● **MATERIAL PROVIDED**
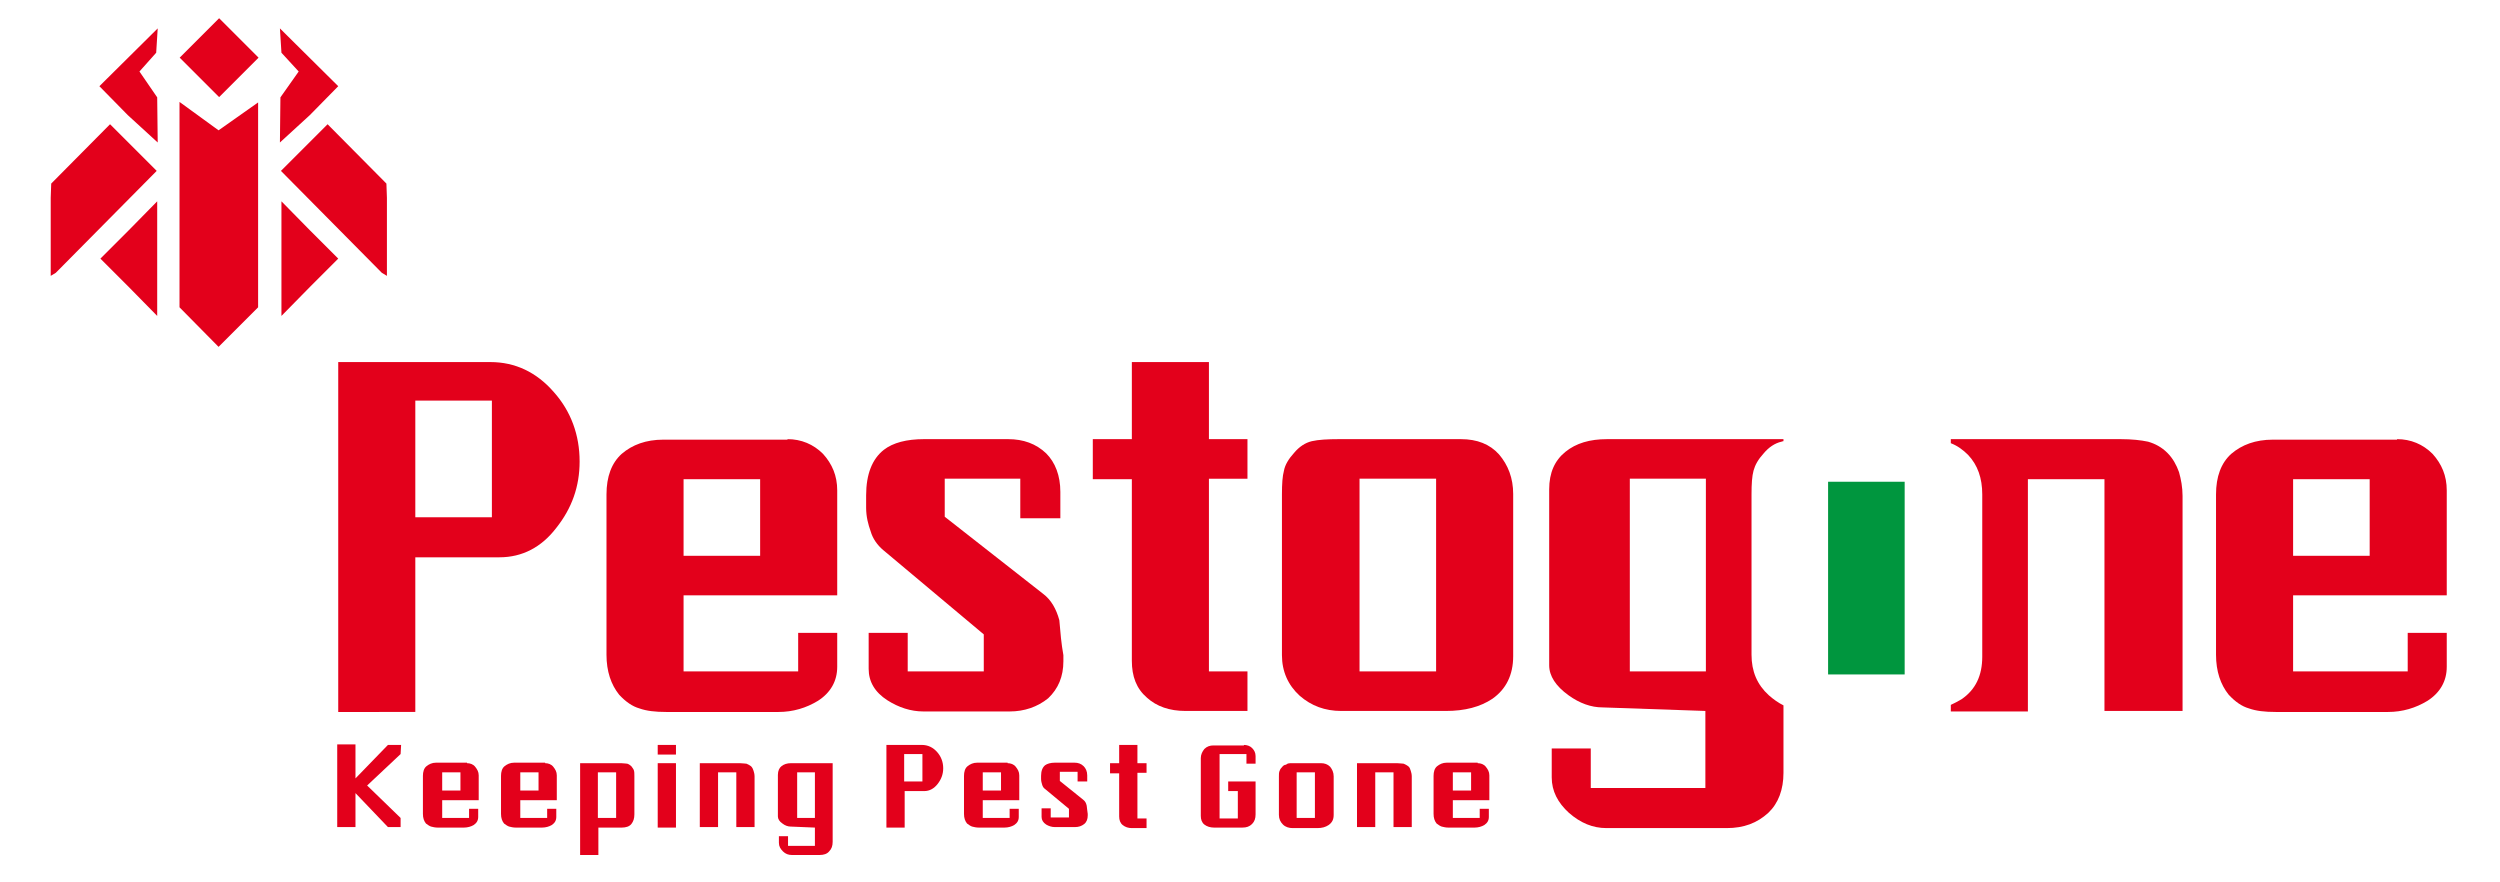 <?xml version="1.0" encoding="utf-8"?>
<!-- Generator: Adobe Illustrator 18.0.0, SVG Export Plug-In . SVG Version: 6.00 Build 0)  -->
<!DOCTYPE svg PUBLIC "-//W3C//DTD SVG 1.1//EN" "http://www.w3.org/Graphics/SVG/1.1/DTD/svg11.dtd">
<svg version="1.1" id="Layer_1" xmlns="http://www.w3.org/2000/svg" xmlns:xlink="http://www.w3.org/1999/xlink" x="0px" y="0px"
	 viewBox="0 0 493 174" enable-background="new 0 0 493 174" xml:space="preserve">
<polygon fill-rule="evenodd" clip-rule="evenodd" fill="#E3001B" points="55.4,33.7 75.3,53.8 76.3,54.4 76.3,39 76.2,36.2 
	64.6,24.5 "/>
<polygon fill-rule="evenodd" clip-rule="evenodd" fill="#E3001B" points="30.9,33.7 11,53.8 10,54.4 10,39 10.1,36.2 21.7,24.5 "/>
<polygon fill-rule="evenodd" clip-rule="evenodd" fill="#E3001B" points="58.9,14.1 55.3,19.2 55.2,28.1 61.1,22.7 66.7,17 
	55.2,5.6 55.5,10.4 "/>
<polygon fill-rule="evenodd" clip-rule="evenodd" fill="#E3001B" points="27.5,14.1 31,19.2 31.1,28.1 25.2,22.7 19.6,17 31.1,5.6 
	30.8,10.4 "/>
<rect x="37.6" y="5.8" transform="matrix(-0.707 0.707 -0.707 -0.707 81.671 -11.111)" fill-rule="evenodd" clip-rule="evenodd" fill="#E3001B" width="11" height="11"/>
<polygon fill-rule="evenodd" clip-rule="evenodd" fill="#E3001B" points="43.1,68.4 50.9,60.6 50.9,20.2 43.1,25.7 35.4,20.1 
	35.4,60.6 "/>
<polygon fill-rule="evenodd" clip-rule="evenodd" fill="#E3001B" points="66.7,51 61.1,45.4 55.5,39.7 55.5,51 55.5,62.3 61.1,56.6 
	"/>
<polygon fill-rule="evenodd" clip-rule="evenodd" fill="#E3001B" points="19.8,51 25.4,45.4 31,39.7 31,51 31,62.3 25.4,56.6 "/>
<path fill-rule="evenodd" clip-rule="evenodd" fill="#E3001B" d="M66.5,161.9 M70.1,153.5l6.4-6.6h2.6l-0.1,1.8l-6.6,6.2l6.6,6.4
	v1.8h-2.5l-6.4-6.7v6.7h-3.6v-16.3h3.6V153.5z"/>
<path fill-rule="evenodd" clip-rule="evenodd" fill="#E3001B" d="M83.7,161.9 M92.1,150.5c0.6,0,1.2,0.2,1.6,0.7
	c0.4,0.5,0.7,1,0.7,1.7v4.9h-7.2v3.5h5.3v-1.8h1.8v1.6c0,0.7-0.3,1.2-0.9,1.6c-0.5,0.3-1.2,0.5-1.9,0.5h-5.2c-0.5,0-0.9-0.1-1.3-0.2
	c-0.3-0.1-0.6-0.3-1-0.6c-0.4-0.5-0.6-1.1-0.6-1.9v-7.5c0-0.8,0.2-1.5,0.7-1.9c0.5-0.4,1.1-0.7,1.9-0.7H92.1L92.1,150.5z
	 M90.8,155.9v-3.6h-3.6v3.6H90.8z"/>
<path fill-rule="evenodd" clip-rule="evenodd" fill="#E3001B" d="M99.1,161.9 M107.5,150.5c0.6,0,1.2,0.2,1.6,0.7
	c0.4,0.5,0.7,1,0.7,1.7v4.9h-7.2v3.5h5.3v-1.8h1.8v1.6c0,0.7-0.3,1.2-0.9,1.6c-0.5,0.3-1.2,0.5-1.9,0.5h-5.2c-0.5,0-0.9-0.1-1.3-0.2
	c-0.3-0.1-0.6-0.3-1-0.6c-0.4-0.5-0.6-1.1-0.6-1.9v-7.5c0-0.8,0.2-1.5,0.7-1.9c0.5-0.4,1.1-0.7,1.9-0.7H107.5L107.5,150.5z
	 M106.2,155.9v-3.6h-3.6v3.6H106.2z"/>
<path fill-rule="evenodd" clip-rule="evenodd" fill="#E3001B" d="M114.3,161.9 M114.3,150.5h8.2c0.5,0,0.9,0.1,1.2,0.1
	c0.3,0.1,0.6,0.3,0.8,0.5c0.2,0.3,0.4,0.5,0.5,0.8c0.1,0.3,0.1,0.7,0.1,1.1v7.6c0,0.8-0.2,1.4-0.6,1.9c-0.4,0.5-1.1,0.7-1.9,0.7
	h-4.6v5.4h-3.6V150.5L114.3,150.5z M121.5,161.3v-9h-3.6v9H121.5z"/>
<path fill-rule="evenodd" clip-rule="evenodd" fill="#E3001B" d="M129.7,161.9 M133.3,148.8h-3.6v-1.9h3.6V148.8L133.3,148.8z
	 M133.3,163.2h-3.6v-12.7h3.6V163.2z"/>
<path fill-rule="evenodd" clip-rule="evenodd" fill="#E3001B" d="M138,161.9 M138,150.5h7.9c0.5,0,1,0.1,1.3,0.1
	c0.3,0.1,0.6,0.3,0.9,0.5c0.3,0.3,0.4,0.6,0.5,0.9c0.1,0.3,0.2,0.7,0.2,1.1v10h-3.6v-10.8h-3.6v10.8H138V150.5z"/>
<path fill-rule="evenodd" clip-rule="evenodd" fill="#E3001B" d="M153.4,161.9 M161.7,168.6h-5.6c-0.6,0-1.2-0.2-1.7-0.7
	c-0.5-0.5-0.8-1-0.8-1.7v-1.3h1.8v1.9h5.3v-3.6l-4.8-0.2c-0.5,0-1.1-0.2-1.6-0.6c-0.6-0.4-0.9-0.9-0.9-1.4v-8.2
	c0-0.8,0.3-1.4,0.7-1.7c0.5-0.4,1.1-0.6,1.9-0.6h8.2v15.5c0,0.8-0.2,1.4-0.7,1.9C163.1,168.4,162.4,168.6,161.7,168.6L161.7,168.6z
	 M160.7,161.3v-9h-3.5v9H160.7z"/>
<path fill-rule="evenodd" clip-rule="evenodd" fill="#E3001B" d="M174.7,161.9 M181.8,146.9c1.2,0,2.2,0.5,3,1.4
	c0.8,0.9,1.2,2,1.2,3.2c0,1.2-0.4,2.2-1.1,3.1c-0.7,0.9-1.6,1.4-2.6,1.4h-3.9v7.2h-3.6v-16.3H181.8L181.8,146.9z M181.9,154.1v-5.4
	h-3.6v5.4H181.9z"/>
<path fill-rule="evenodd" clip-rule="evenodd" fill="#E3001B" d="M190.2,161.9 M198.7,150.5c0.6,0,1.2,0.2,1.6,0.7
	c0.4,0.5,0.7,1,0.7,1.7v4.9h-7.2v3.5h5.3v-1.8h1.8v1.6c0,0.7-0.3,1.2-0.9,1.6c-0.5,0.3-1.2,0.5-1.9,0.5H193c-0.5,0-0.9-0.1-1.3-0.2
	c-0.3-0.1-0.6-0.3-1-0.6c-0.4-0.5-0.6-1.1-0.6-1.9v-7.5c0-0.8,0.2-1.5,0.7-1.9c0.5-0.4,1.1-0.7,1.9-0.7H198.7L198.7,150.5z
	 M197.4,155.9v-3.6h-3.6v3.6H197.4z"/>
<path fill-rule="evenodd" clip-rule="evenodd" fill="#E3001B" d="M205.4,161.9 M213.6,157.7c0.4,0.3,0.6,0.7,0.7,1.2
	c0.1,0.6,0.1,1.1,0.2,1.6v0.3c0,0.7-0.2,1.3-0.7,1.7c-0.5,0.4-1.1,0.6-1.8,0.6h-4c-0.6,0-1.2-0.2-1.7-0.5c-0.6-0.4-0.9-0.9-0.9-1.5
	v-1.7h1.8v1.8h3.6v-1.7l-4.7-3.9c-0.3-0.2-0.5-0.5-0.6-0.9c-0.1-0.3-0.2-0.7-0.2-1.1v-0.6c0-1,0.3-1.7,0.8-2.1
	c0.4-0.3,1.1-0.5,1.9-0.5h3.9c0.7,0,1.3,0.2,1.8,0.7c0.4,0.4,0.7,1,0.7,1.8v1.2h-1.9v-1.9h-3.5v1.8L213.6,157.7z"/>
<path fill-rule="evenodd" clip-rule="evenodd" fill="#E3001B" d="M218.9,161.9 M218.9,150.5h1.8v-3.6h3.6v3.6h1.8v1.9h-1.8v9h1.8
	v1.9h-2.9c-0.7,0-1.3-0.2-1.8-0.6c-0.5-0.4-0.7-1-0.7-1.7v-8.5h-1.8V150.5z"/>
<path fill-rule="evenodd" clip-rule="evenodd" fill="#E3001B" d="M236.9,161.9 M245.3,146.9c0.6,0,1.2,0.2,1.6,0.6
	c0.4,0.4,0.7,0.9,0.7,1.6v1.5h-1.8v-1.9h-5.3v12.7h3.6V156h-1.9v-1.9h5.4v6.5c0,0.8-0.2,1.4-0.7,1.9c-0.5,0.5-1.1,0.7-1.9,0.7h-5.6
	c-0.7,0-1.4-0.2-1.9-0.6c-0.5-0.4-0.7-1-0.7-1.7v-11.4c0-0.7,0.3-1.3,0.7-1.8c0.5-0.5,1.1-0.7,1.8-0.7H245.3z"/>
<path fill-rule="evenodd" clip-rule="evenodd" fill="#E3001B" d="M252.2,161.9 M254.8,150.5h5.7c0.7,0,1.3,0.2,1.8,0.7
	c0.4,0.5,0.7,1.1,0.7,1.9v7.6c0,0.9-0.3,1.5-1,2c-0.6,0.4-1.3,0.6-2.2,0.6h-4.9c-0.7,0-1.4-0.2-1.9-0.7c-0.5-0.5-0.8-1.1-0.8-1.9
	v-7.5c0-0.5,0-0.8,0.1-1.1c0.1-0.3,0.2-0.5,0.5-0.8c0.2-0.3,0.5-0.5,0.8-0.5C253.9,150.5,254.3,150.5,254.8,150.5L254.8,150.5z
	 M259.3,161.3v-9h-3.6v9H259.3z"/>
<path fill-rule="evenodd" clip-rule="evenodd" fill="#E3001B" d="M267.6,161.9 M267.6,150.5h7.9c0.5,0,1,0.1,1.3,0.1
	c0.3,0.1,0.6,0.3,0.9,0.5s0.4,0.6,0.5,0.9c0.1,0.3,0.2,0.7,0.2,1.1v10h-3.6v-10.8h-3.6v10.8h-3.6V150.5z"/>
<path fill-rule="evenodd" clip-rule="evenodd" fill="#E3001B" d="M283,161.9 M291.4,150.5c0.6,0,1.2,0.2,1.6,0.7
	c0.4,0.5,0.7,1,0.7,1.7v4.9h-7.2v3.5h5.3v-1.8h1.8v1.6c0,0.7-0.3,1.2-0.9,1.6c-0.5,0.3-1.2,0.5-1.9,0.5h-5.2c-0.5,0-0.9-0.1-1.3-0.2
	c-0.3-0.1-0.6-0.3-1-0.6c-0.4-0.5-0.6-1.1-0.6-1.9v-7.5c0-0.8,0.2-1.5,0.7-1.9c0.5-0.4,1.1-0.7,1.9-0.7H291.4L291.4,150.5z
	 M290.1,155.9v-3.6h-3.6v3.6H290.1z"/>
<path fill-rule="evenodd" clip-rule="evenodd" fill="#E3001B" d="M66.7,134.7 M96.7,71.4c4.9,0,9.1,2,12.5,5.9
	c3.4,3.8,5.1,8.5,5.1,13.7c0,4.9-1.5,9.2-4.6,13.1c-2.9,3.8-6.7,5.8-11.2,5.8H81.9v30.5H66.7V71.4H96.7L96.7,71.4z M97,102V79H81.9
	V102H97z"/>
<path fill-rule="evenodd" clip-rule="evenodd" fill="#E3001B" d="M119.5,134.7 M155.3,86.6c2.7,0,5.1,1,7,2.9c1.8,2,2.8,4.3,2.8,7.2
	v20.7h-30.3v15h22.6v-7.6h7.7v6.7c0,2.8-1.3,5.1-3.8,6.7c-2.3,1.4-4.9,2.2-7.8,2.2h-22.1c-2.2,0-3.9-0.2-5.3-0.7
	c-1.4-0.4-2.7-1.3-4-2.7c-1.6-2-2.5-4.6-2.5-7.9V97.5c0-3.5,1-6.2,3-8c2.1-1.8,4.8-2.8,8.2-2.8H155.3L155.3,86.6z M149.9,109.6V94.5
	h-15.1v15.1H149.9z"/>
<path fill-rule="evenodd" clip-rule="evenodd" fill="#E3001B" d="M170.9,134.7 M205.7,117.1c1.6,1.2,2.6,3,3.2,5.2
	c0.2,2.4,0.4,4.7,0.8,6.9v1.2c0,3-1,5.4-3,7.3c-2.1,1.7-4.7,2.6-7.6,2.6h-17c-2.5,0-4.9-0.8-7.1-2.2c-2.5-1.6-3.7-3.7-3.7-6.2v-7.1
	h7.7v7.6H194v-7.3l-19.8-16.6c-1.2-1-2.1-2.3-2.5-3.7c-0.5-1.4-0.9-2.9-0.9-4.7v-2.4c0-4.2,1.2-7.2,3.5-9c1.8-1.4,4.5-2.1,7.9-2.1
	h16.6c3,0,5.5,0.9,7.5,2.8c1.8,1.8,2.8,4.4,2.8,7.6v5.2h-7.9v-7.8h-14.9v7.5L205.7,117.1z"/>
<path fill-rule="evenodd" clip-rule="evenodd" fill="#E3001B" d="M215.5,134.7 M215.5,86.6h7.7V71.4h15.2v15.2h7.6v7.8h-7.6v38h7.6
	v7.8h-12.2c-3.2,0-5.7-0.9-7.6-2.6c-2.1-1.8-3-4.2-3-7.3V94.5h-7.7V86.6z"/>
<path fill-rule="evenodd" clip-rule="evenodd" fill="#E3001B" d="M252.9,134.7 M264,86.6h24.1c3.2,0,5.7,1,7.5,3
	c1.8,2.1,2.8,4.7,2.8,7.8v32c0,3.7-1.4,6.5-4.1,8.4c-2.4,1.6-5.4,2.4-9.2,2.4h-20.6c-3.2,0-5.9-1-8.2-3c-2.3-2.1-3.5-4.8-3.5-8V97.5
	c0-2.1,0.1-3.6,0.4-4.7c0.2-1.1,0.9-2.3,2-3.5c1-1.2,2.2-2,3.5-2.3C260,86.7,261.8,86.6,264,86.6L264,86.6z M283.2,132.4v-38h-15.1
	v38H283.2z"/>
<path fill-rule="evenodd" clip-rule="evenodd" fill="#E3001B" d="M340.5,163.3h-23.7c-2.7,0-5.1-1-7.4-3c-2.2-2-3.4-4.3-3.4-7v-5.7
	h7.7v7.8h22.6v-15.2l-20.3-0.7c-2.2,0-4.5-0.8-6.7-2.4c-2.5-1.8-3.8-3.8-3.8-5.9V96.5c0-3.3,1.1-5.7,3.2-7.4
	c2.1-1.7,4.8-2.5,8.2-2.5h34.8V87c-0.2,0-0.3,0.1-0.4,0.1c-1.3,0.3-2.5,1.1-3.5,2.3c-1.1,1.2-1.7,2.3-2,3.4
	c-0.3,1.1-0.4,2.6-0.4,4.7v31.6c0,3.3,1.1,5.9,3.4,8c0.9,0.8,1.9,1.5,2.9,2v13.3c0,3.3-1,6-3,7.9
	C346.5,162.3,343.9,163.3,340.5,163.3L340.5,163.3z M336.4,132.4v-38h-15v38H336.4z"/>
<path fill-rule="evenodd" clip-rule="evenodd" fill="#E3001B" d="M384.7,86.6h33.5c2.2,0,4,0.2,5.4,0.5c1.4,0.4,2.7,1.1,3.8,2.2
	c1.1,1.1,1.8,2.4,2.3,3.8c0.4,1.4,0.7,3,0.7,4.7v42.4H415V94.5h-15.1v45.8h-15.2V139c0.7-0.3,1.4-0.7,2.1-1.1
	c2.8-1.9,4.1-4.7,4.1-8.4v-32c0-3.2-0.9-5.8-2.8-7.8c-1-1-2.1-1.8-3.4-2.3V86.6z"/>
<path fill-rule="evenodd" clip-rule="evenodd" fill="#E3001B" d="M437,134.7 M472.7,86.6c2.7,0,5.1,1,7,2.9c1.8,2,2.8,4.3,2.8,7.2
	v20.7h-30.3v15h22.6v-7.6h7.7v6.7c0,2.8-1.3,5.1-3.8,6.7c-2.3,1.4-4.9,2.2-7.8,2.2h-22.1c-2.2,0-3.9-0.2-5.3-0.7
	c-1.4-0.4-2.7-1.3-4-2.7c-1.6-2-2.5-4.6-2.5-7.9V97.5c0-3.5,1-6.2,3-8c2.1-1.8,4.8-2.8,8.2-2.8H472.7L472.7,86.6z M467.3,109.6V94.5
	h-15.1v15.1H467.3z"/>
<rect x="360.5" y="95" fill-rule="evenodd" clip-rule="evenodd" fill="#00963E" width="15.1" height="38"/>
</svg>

● **EXERCISE**
The expected answer holds each line from the listing above where the string "polygon" is present.

● **SOLUTION FOR THIS PROBLEM**
<polygon fill-rule="evenodd" clip-rule="evenodd" fill="#E3001B" points="55.4,33.7 75.3,53.8 76.3,54.4 76.3,39 76.2,36.2 
<polygon fill-rule="evenodd" clip-rule="evenodd" fill="#E3001B" points="30.9,33.7 11,53.8 10,54.4 10,39 10.1,36.2 21.7,24.5 "/>
<polygon fill-rule="evenodd" clip-rule="evenodd" fill="#E3001B" points="58.9,14.1 55.3,19.2 55.2,28.1 61.1,22.7 66.7,17 
<polygon fill-rule="evenodd" clip-rule="evenodd" fill="#E3001B" points="27.5,14.1 31,19.2 31.1,28.1 25.2,22.7 19.6,17 31.1,5.6 
<polygon fill-rule="evenodd" clip-rule="evenodd" fill="#E3001B" points="43.1,68.4 50.9,60.6 50.9,20.2 43.1,25.7 35.4,20.1 
<polygon fill-rule="evenodd" clip-rule="evenodd" fill="#E3001B" points="66.7,51 61.1,45.4 55.5,39.7 55.5,51 55.5,62.3 61.1,56.6 
<polygon fill-rule="evenodd" clip-rule="evenodd" fill="#E3001B" points="19.8,51 25.4,45.4 31,39.7 31,51 31,62.3 25.4,56.6 "/>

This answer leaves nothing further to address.